J'ai toujours pensé que ce ne sont pas celles qui nous sont imposées par la biologie et les liens du sang, mais celles que l'on choisit librement et au sein desquelles on trouve un amour effectivement partagé. Je viens d'être conforté dans cette pensée en ayant vu hier soir, sur Arte, le film d'Hirozaku Kore-eda, Une affaire de famille (lien), qui a obtenu la Palme d'Or au Festival de Cannes 2018.

 

De même que le vrai Père n'est pas le père selon la chair, mais celui qui adopte l'enfant, comme je l'ai signalé hier (lien), de même la vraie famille est une famille aimante, comme on le voit dans le film.

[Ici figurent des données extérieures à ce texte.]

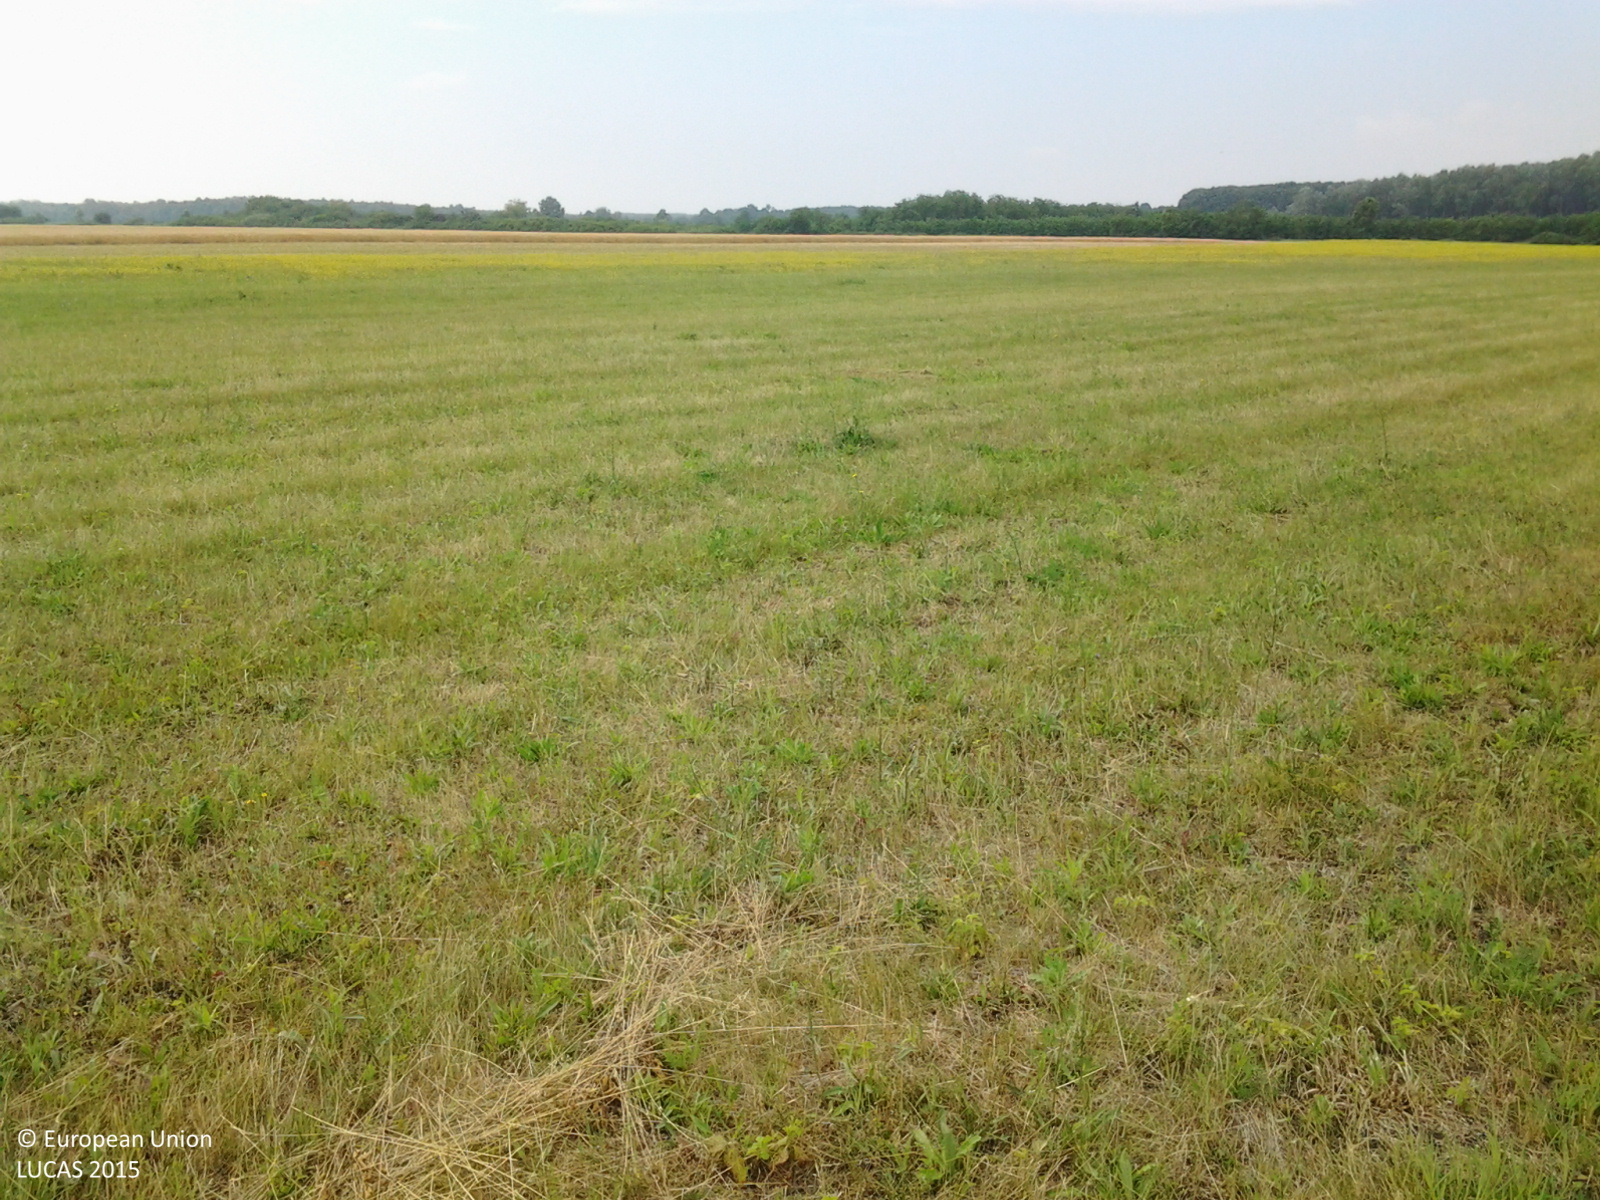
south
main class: Grassland
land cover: Grassland without tree/shrub cover
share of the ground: > 75 %
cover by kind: herbaceous plants 100 %
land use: Agriculture (excluding fallow land and kitchen gardens)
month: June
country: HU
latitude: 46.6864
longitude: 21.2144

Elle "adopte" une petite fille, l'élève et la fait grandir. Peu importent alors ses parents réels, qui dans le film sont décevants parce que dépourvus d'amour. Sa vraie famille est ailleurs.

 

L'amour que l'on porte à sa famille est pour moi basé sur le choix qu'on en a fait. Cela s'exprime très bien dans le mot français dilection, qui vient du latin diligere, choisir (voyez aussi : élection).

 

J'ai défendu ce type d'amour dans mon livre Savoir aimer - Entre rêve et réalité (lien). J'ai montré qu'à côté de l'amour de désir ou de passion (éros), de l'amour de bienveillance (agapé) et de l'amour d'amitié (philia), il y a, couronnant les deux derniers, l'amour de choix (dilectio), dont l'amour qu'on a pour la famille qu'on s'est choisie librement est un bel exemple. Les liens n'y sont pas imposés au départ, mais à créer.

 

A l'inverse, voyez ce que dit Eluard de Violette Nozière, meurtrière de ses parents : "Elle a brisé l'affreux nœud de serpents des liens du sang."

 

 

Voici maintenant un texte, mis sur un autre site, où j'expose tout cela :

***

 

Pour voir la liste de tous mes livres édités chez BoD, cliquer : ici.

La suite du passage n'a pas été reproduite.